- _Task to carry out_
Filter the records below down to lines containing "name".

[Records contained in a dataset]
******
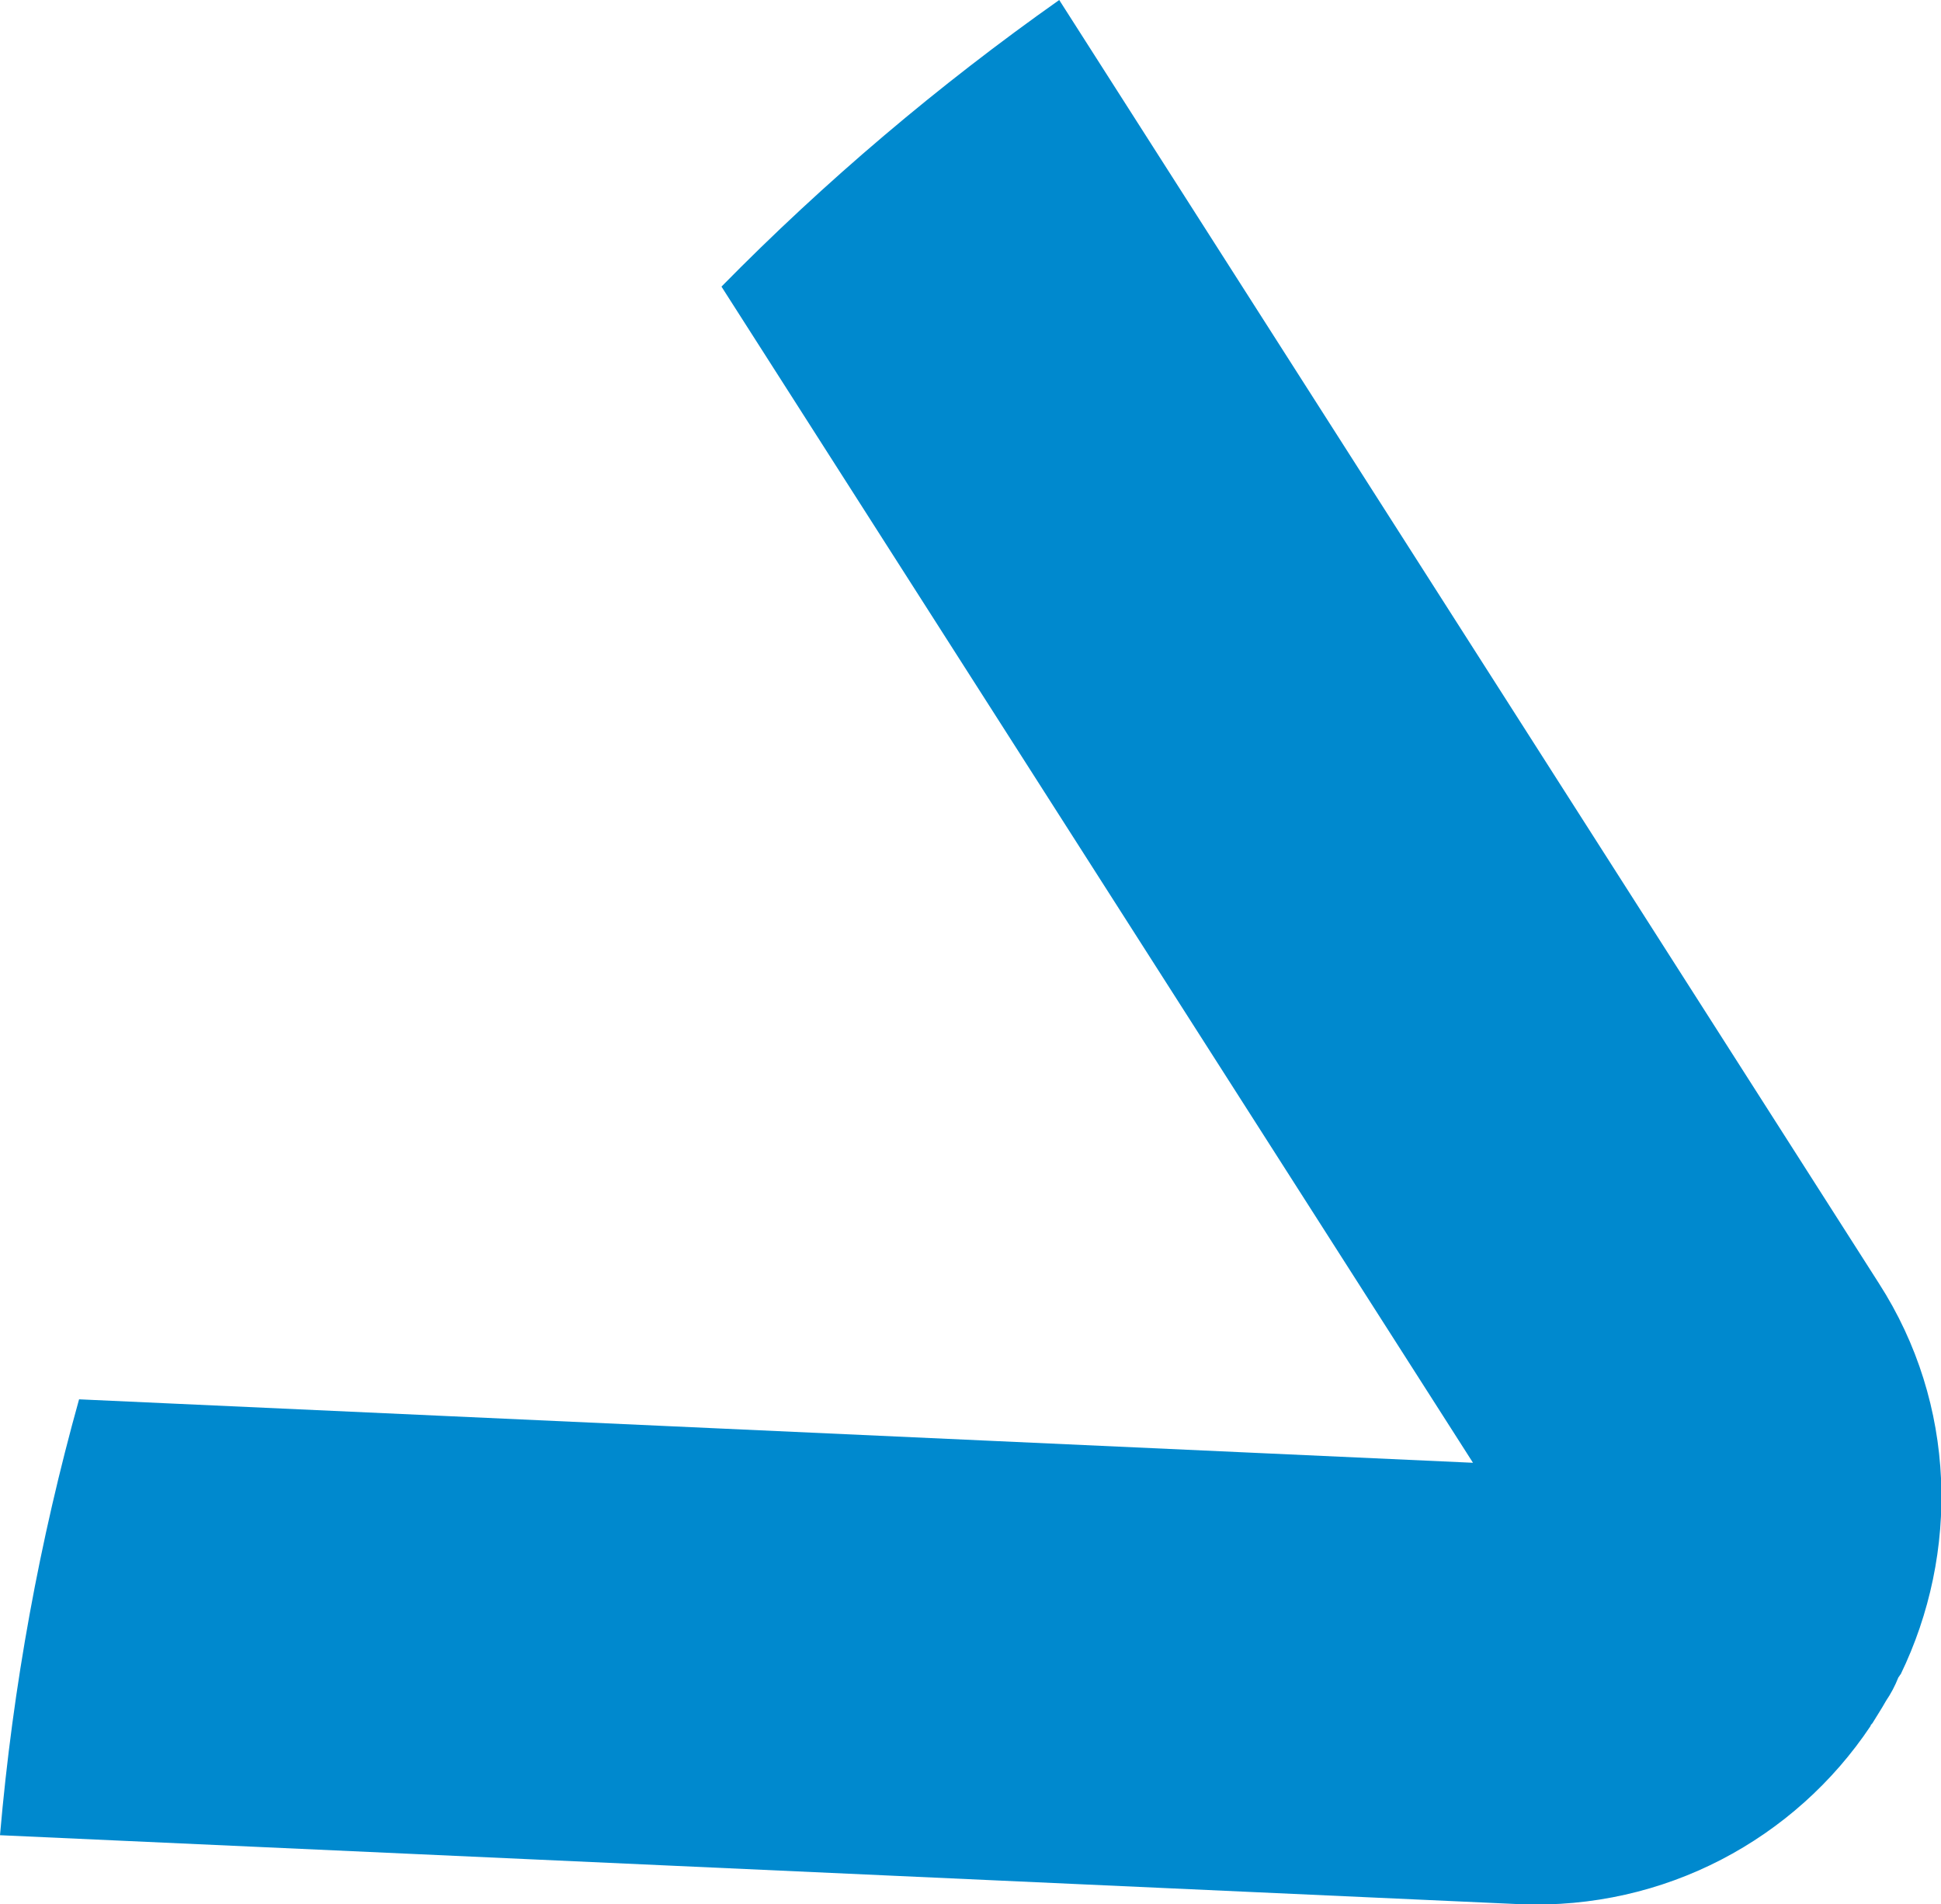 <?xml version="1.0" encoding="UTF-8"?>
<svg id="Layer_2" data-name="Layer 2" xmlns="http://www.w3.org/2000/svg" viewBox="0 0 63.33 62.12">
  <defs>
    <style>
      .cls-1 {
        fill: #0089ce;
      }
    </style>
  </defs>
  <g id="Layer_1-2" data-name="Layer 1">
    <path class="cls-1" d="M62,54.63s-.03.06-.06.09c-.11.28-.25.54-.4.76-.14.25-.31.51-.45.74-.03.03-.06.06-.06.09-2.46,3.68-6.71,6-11.44,5.81L0,59.87c.42-4.87,1.3-9.63,2.58-14.22l45.48,2.07L23.54,9.35c3.37-3.43,7.08-6.57,11.02-9.35l26.74,41.86c2.55,3.96,2.63,8.81.71,12.77"/>
  </g>
</svg>
******
- _Output below_
<svg id="Layer_2" data-name="Layer 2" xmlns="http://www.w3.org/2000/svg" viewBox="0 0 63.33 62.12">
  <g id="Layer_1-2" data-name="Layer 1">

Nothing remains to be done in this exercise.